▸ What you will do: An exact copy of the entries is required, excluding any pictures.

:: Entries provided ::

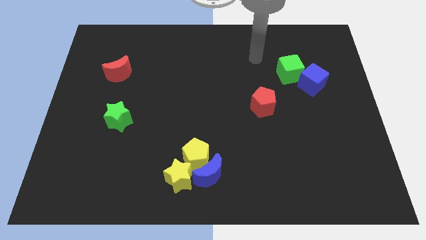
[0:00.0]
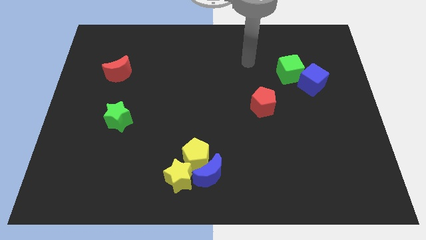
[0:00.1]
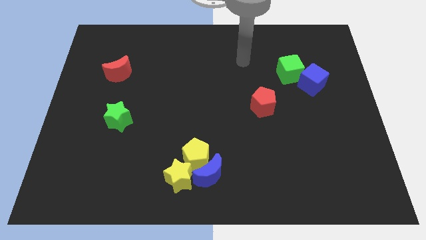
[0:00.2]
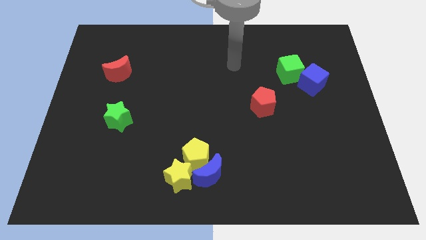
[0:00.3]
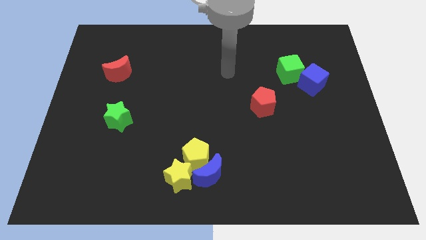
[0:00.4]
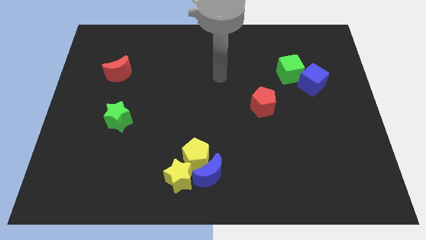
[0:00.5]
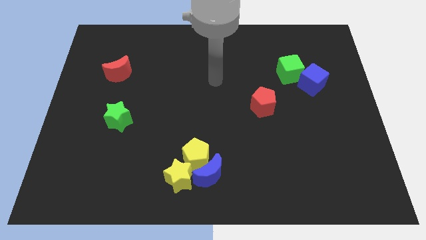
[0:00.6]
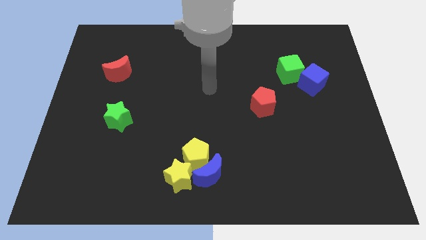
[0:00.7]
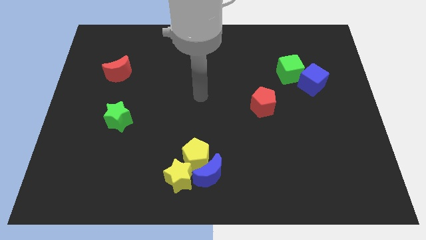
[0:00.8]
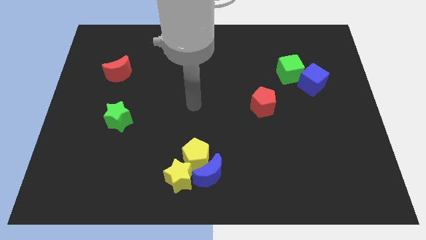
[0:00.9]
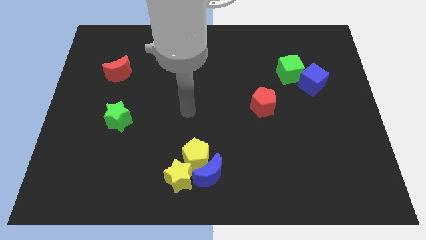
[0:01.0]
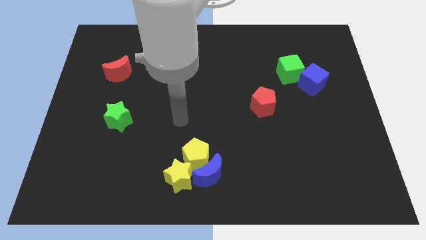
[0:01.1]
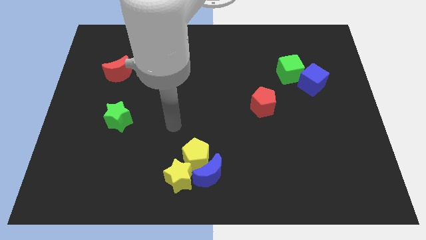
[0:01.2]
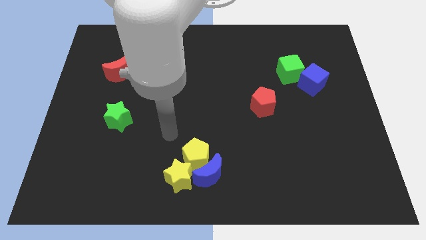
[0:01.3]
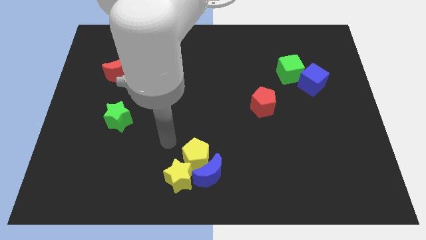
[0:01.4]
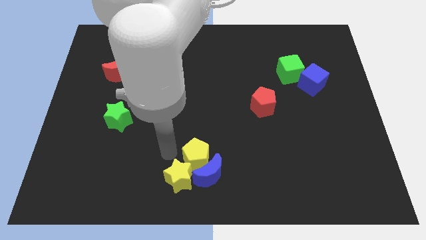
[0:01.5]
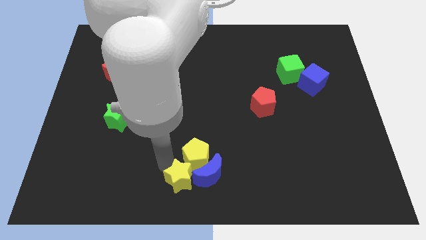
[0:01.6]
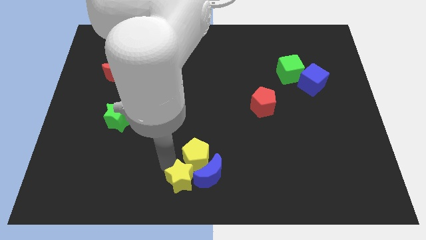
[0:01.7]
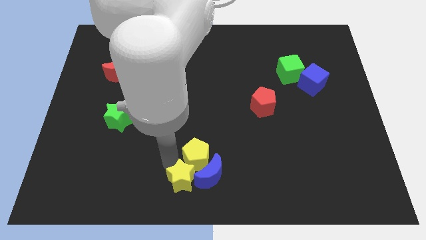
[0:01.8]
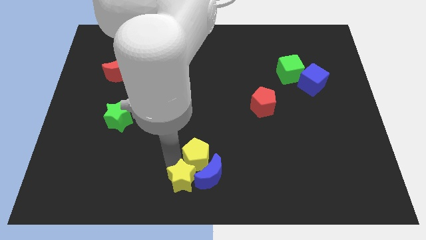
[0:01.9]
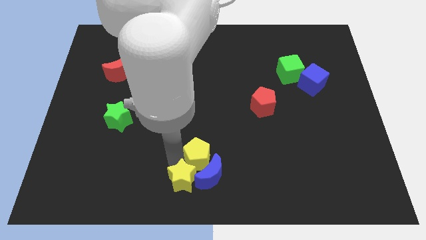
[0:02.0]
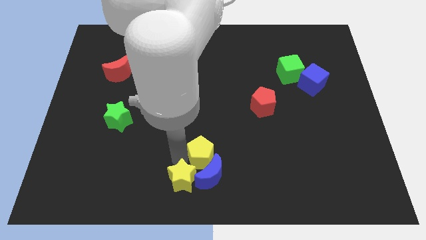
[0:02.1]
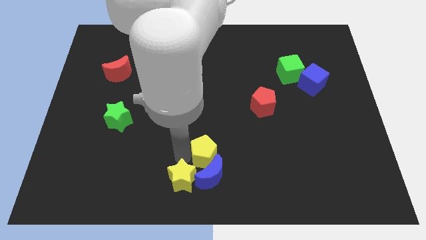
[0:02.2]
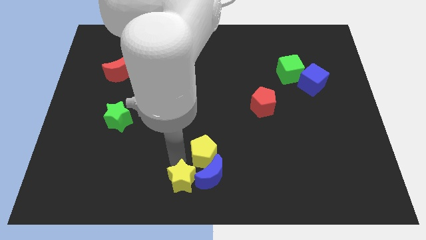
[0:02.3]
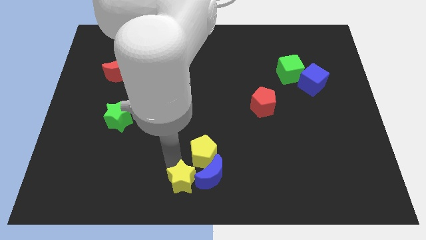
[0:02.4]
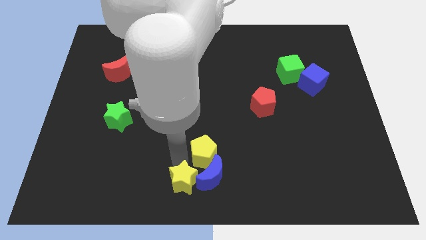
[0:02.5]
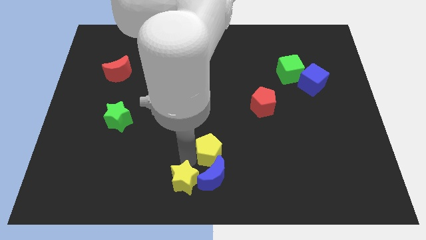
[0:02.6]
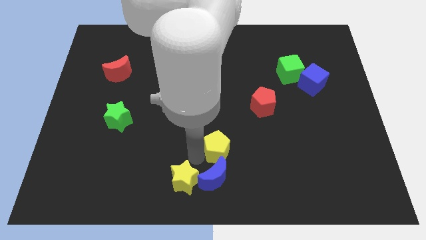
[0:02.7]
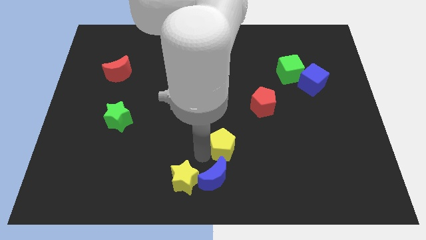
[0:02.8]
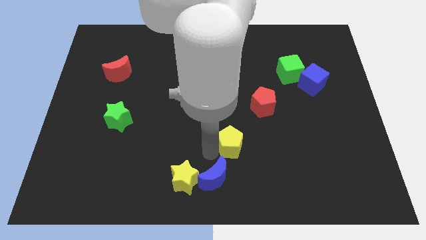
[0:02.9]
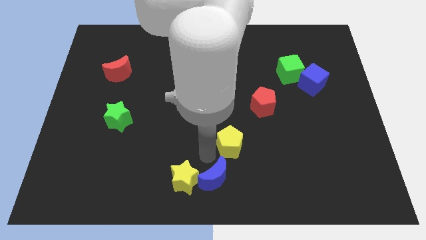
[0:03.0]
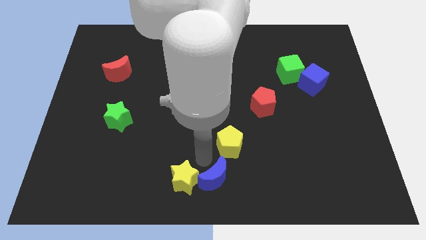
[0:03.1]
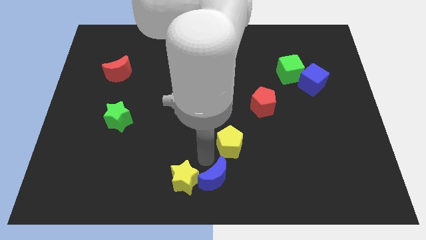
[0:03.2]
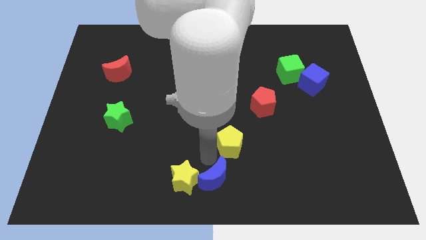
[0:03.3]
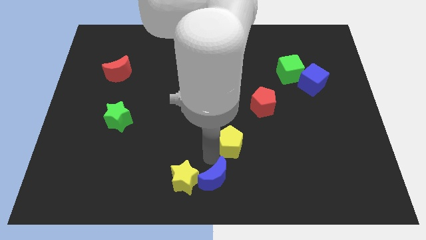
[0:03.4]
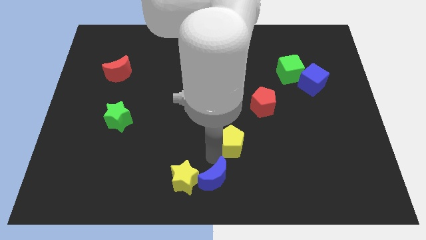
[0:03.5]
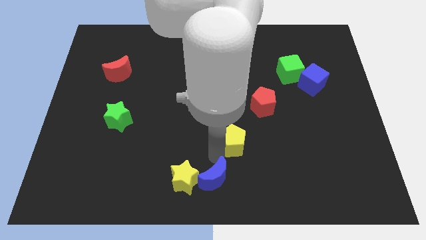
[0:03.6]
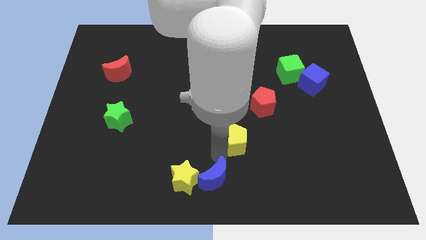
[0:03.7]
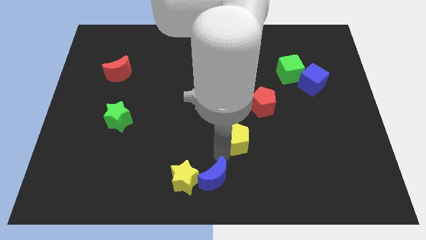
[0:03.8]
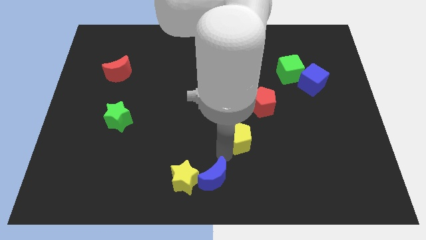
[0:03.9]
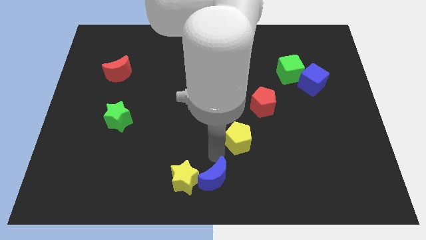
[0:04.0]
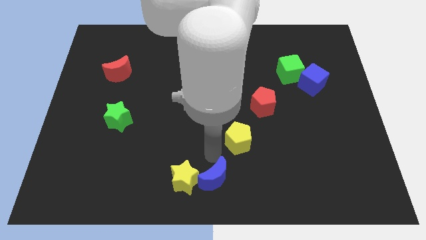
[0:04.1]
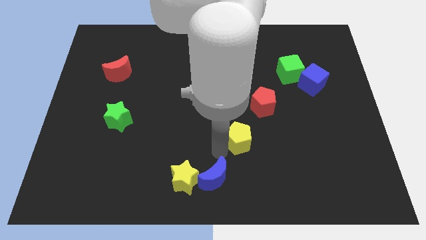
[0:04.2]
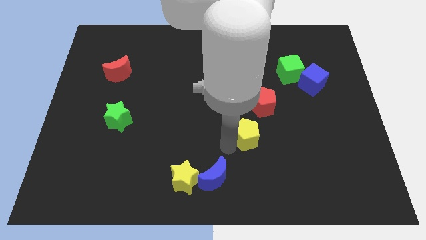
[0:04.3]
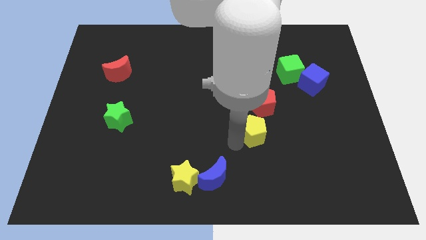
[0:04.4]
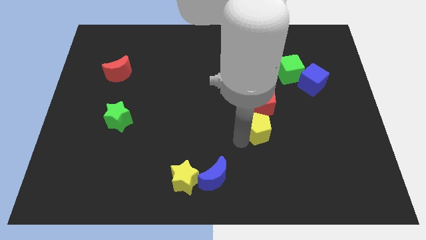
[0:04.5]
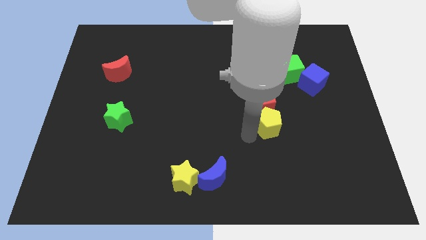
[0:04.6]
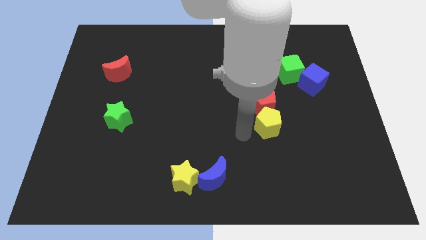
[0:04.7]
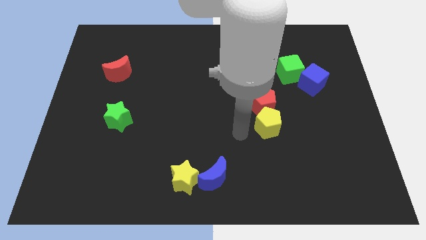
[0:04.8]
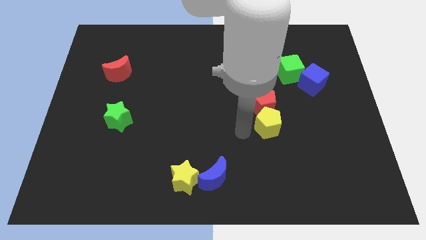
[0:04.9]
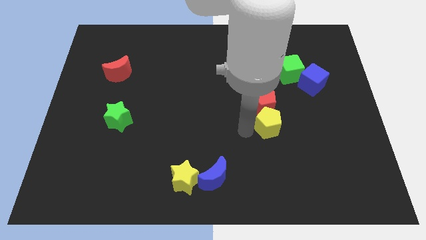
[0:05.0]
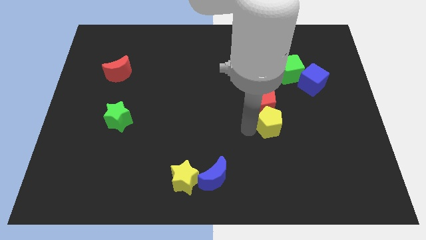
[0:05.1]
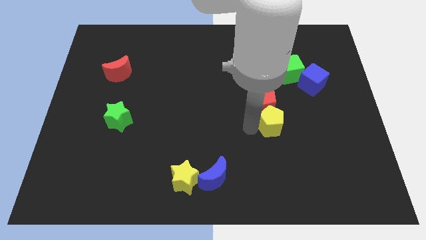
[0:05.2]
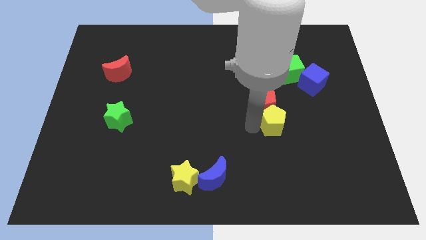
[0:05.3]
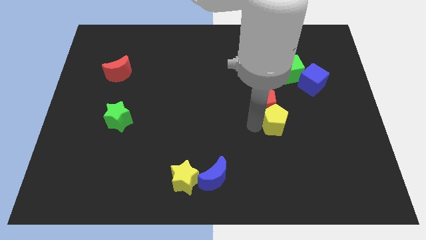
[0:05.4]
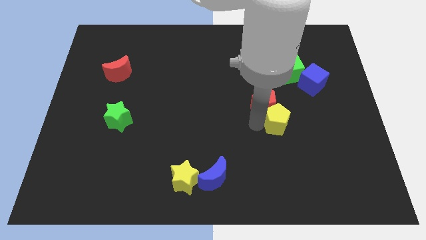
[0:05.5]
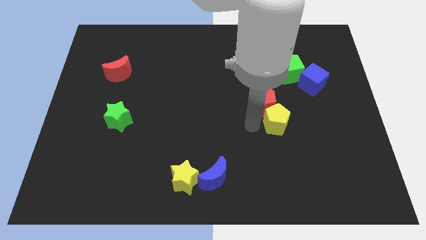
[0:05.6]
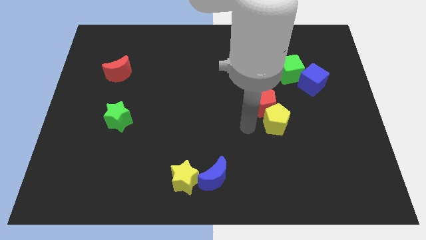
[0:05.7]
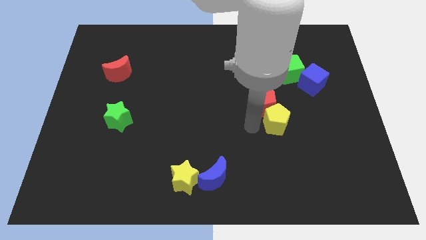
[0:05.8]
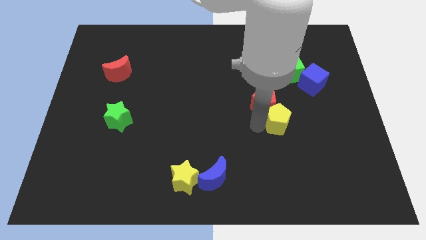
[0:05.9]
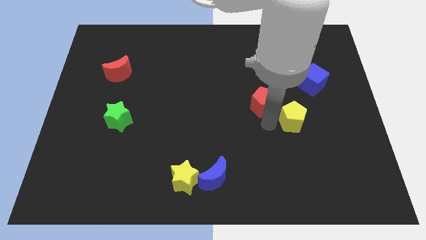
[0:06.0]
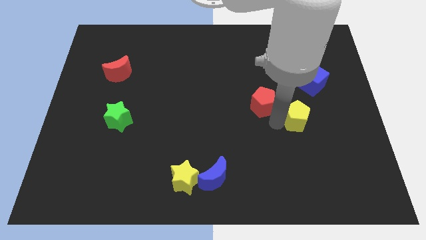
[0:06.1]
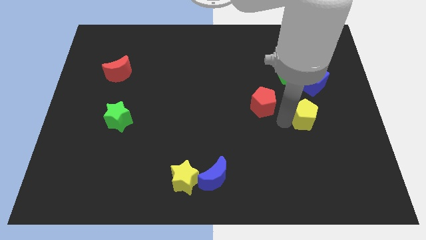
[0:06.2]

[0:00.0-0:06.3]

:::

▸ Solution to this problem:
[0:00.0]
[0:00.1]
[0:00.2]
[0:00.3]
[0:00.4]
[0:00.5]
[0:00.6]
[0:00.7]
[0:00.8]
[0:00.9]
[0:01.0]
[0:01.1]
[0:01.2]
[0:01.3]
[0:01.4]
[0:01.5]
[0:01.6]
[0:01.7]
[0:01.8]
[0:01.9]
[0:02.0]
[0:02.1]
[0:02.2]
[0:02.3]
[0:02.4]
[0:02.5]
[0:02.6]
[0:02.7]
[0:02.8]
[0:02.9]
[0:03.0]
[0:03.1]
[0:03.2]
[0:03.3]
[0:03.4]
[0:03.5]
[0:03.6]
[0:03.7]
[0:03.8]
[0:03.9]
[0:04.0]
[0:04.1]
[0:04.2]
[0:04.3]
[0:04.4]
[0:04.5]
[0:04.6]
[0:04.7]
[0:04.8]
[0:04.9]
[0:05.0]
[0:05.1]
[0:05.2]
[0:05.3]
[0:05.4]
[0:05.5]
[0:05.6]
[0:05.7]
[0:05.8]
[0:05.9]
[0:06.0]
[0:06.1]
[0:06.2]

[0:00.0-0:06.3]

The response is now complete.